Lama Shenpen on ‘Welcoming Difficulties as Our Path’ – working together with others in service as our practice can be joyful whilst throwing into sharp relief all our conflicts and assumptions:

“The point of the lineage – and our sangha being integral to it – is that this is how we keep the connection with the Mandala of Awakening alive in the world and from lifetime to lifetime. Mandalas need to be protected and maintained through samaya connections and that is what we are about in the Awakened Heart Sangha.
This means we have to work through difficulties and obstacles and not be put off by them. We need to embrace these difficulties with enthusiasm, as they are opportunities to learn and make a difference, not just for ourselves but also for everyone involved.

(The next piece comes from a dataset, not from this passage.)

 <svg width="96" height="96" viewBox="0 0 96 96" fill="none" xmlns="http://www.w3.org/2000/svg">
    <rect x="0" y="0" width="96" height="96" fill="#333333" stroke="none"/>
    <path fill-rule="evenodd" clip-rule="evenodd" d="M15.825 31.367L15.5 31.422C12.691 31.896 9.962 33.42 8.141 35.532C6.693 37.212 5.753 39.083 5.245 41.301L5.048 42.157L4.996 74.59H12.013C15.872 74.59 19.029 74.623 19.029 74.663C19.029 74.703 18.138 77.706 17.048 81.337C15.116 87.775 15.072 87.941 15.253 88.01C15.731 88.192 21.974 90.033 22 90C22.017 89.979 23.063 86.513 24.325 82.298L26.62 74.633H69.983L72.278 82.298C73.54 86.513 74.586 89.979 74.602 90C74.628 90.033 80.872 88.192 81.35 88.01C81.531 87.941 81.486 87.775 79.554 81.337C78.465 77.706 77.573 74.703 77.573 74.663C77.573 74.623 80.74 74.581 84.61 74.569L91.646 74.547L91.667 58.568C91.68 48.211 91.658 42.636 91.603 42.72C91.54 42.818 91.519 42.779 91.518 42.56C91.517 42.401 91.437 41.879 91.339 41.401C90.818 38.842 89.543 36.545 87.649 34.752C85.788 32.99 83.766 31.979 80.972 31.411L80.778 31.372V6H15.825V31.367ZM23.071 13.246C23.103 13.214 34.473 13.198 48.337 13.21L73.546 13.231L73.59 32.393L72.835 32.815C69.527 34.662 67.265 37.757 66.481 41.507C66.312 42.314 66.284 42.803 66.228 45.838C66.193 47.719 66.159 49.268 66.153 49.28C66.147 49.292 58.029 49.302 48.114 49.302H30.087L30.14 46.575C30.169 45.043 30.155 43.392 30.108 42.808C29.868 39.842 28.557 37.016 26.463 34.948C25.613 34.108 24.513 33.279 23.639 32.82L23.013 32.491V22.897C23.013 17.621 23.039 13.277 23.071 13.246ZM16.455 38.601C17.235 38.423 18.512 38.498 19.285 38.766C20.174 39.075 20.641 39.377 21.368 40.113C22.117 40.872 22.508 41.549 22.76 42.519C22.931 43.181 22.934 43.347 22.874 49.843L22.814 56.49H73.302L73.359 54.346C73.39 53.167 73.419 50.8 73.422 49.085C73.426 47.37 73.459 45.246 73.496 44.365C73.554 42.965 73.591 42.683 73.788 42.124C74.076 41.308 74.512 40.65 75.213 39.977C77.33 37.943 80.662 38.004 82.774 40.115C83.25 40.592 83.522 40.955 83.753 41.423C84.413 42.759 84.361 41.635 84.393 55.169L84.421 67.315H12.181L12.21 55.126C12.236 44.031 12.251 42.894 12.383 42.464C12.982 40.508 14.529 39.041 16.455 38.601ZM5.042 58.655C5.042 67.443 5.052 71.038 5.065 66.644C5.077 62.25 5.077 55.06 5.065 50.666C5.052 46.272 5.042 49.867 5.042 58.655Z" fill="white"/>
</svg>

We won’t give up on anyone and even though sometimes conflicts can leave wounds and scars we are still all committed to being there for each other.
We all face difficulties individually that we open to and treat as practice rather than thinking ‘I can’t practice because of difficulties’. What we mean is I am practising but it’s still difficult. There is no need to say ‘I can’t practice’ – even when one feels so uninspired that even practice feels flat – that is our practice isn’t it? Keeping the connection going, even though uninspired, is practice in itself. It is kshanti – patience. Traditionally this is regarded as one of the main ways of purifying karma and accumulating punya.

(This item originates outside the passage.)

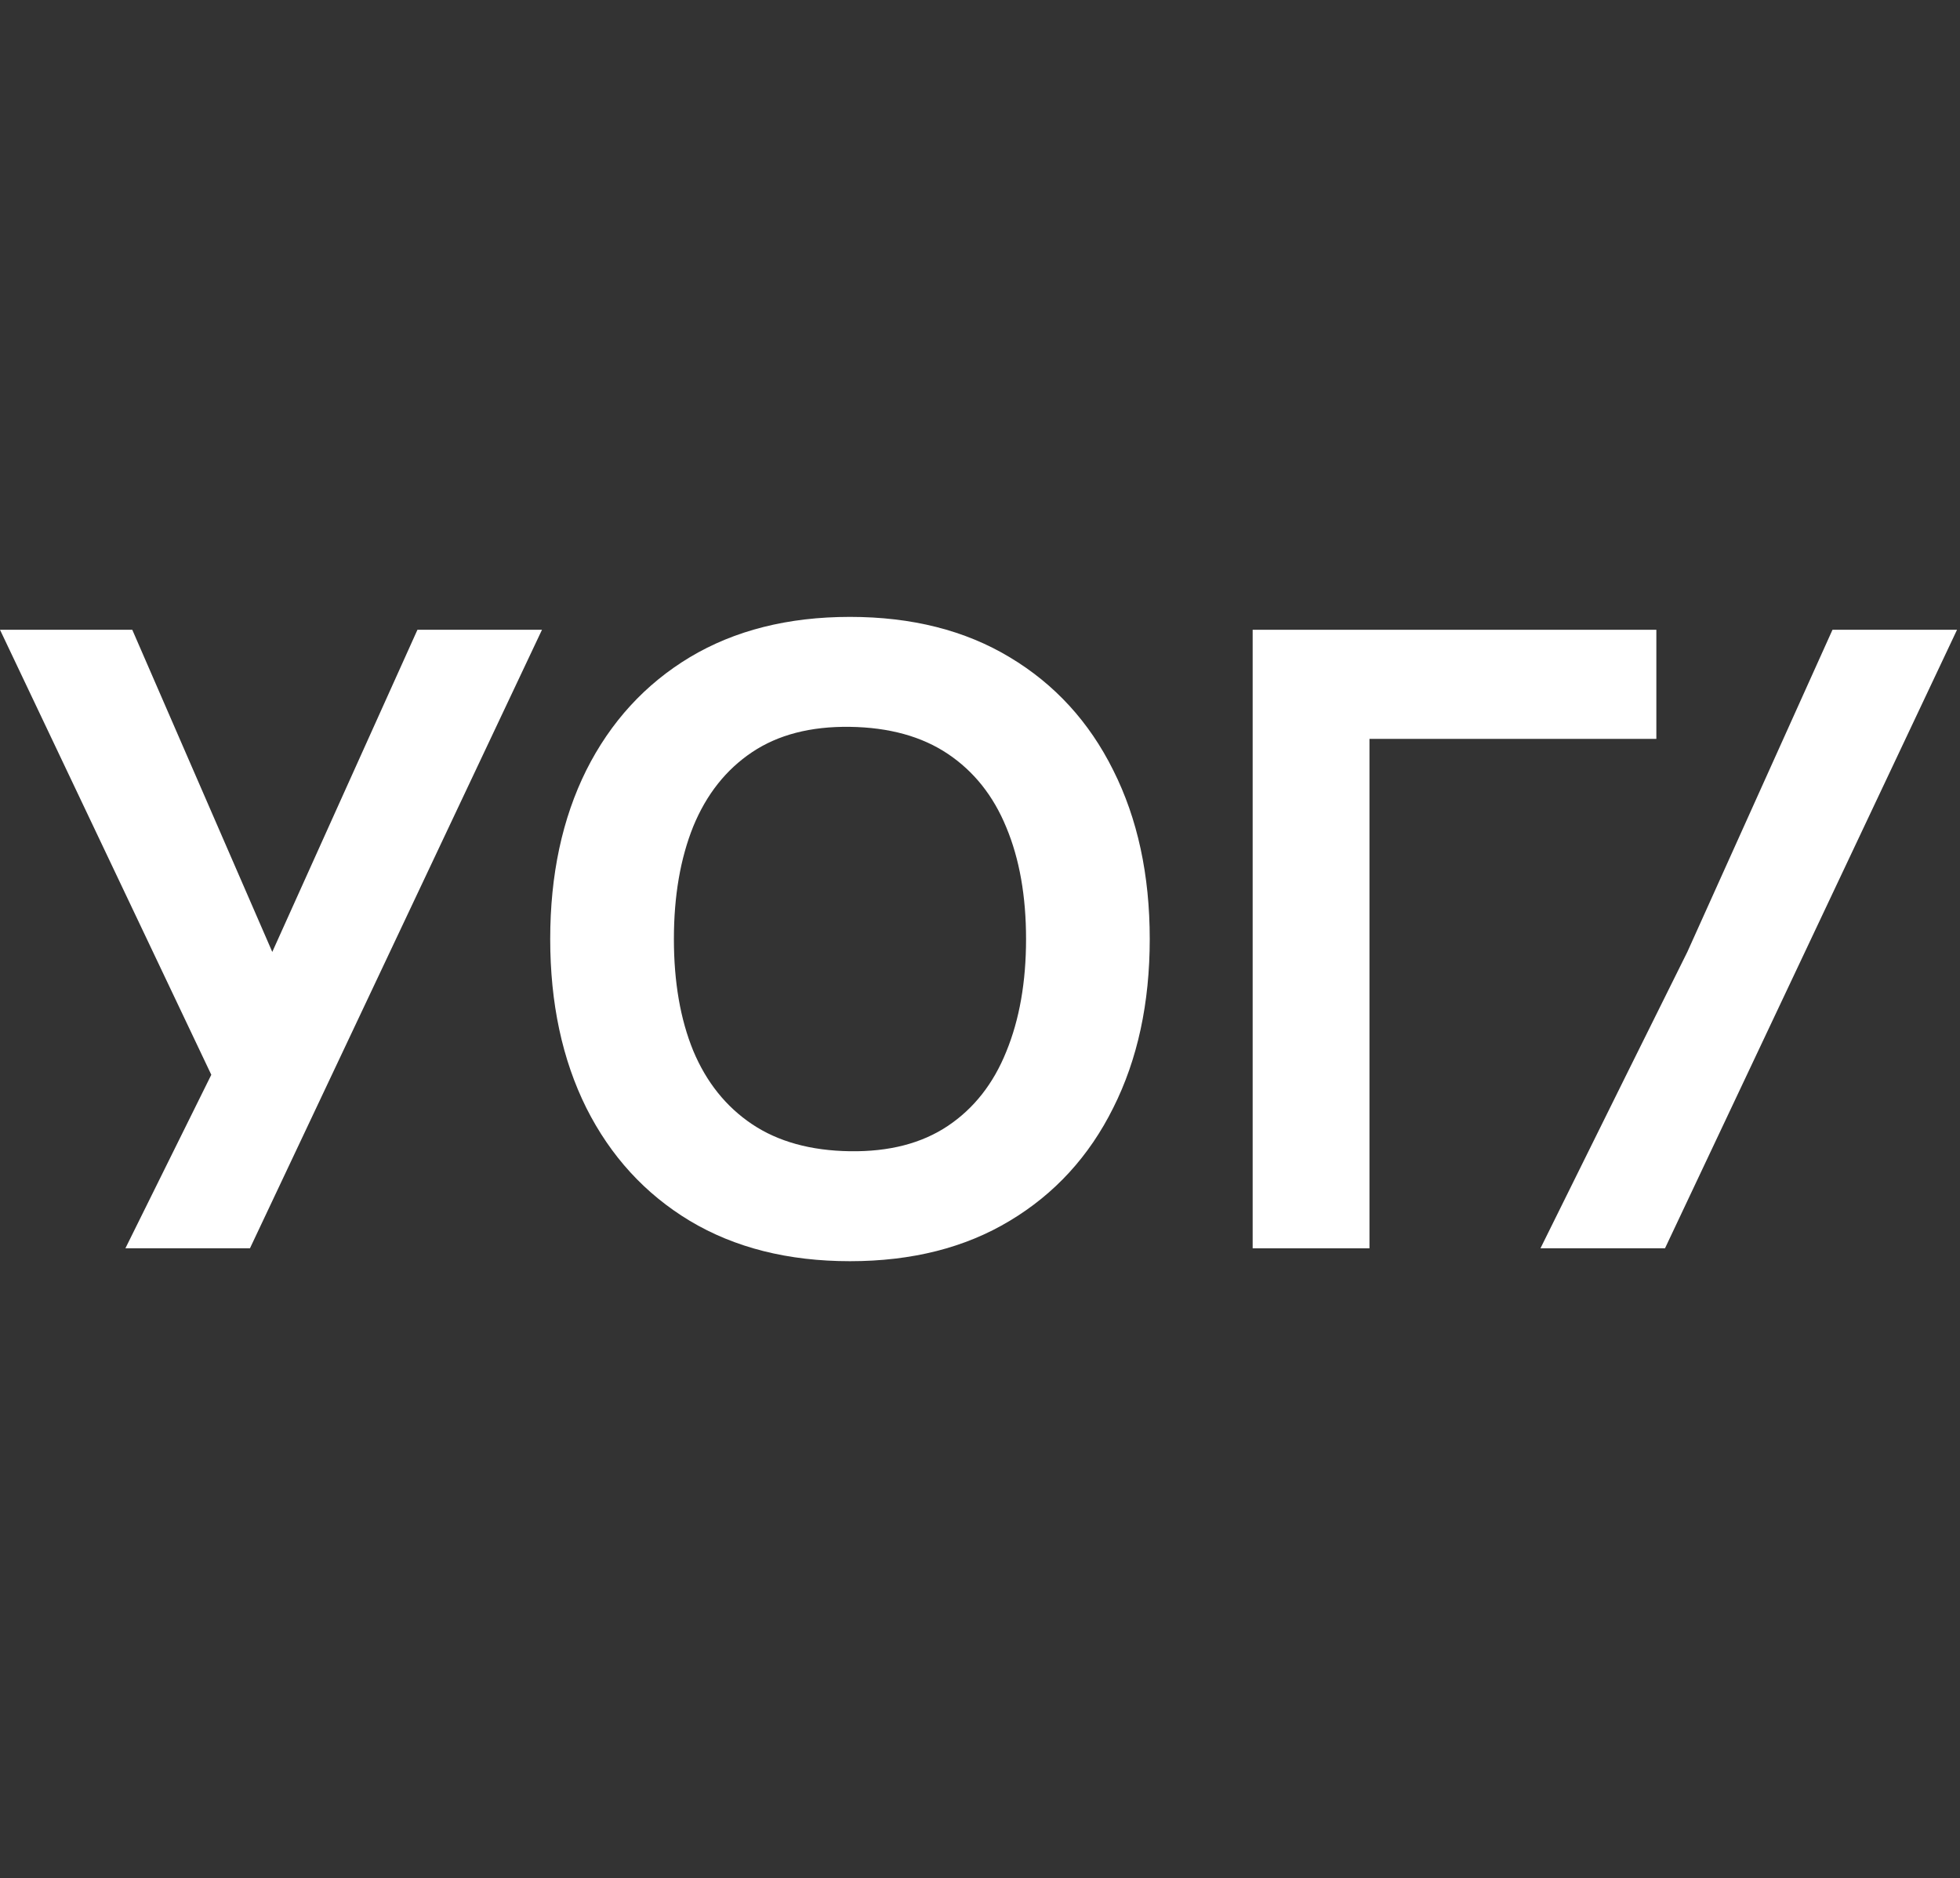 <?xml version="1.0" encoding="UTF-8"?> <svg xmlns="http://www.w3.org/2000/svg" width="143" height="137" viewBox="0 0 143 137" fill="none"><rect x="0" y="0" width="143" height="137" fill="#333333" stroke="none"/><path d="M91.393 91.06V45.94H120.846V53.899H99.915V91.06H91.393Z" fill="white"></path><path d="M62.013 92C57.501 92 53.605 91.019 50.326 89.055C47.067 87.091 44.55 84.344 42.775 80.814C41.02 77.284 40.143 73.179 40.143 68.5C40.143 63.821 41.02 59.716 42.775 56.186C44.55 52.656 47.067 49.909 50.326 47.945C53.605 45.982 57.501 45 62.013 45C66.525 45 70.411 45.982 73.669 47.945C76.949 49.909 79.466 52.656 81.221 56.186C82.996 59.716 83.884 63.821 83.884 68.5C83.884 73.179 82.996 77.284 81.221 80.814C79.466 84.344 76.949 87.091 73.669 89.055C70.411 91.019 66.525 92 62.013 92ZM62.013 83.979C64.875 84.02 67.256 83.404 69.157 82.13C71.058 80.856 72.479 79.049 73.419 76.709C74.379 74.37 74.86 71.633 74.86 68.5C74.86 65.367 74.379 62.651 73.419 60.353C72.479 58.056 71.058 56.27 69.157 54.995C67.256 53.721 64.875 53.063 62.013 53.021C59.151 52.98 56.77 53.596 54.869 54.87C52.968 56.144 51.538 57.951 50.577 60.291C49.637 62.63 49.167 65.367 49.167 68.5C49.167 71.633 49.637 74.349 50.577 76.647C51.538 78.944 52.968 80.73 54.869 82.005C56.77 83.279 59.151 83.937 62.013 83.979Z" fill="white"></path><path d="M9.149 91.06L15.416 78.401L0 45.94H9.651L19.865 69.44L30.456 45.94H39.543L18.236 91.06H9.149Z" fill="white"></path><path d="M112.391 91.06L118.657 78.401L123.107 69.44L133.697 45.94H142.784L121.477 91.06H112.391Z" fill="white"></path></svg>

There are often difficulties that arise in the sangha mandala between people that need sorting out – and maybe they never get to the point where everyone feels satisfied that they have really been heard or received the empathy they long for. That is practice too – again it is kshanti. Nevertheless, there is so much to be gained by restoring trust and connection between everyone in the mandala so improving our communication skills as we go along is excellent practice.
Not only is it keeping the speech precepts, but it is also a way of learning to be kind to ourselves – the basis for metta, love and compassion and Bodhichitta – the Four Apramanas. So like with last year’s theme of love and compassion and listening to receive wisdom, this year’s Gana Gathering came back round to kindness to ourselves. This year’s teaching theme on emptiness and welcoming difficulties takes it all a step further.

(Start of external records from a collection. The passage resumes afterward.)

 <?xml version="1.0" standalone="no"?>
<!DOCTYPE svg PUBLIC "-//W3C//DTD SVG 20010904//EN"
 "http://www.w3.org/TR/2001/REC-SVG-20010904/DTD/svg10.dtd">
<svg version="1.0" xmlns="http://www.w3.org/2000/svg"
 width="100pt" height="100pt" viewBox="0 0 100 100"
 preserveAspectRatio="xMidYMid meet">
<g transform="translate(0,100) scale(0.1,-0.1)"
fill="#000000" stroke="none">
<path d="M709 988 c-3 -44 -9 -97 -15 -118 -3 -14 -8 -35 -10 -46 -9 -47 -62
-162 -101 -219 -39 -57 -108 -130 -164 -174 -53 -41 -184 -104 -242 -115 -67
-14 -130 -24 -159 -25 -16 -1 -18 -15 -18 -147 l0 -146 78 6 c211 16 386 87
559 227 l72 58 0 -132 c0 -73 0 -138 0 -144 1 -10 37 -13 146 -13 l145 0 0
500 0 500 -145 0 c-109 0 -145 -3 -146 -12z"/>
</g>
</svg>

For all these practices we need to realise what we are. Kindness to ourselves ultimately means realising what we truly are – the openness/emptiness, clarity and sensitivity of our being – and how that manifests as our personal mandala of body, speech mind/heart and environment.
Ultimately it is all about mandala principle – how to guard, protect and maintain the central principle and the boundaries on all the different levels of the hierarchy, the messages and established shared understandings, that are like the samaya connections, that allow positive and supportive energy exchange [these are aspects of mandala principle – taught in the Awakened Heart Sangha’s Living the Awakened Training].
Seen this way, this kind of activity and the attitudes we all need to adopt in order for all this to function well becomes intrinsic to what we mean by supporting the mandala and reinforcing it. It is what it means to take Refuge in the sangha by participating in it and making it real – not just an idealised version of what it should be but working with what we have got and seeing how it is inseparable from the Mandala of Awakening and that our connections really matter in this and all our future lives.”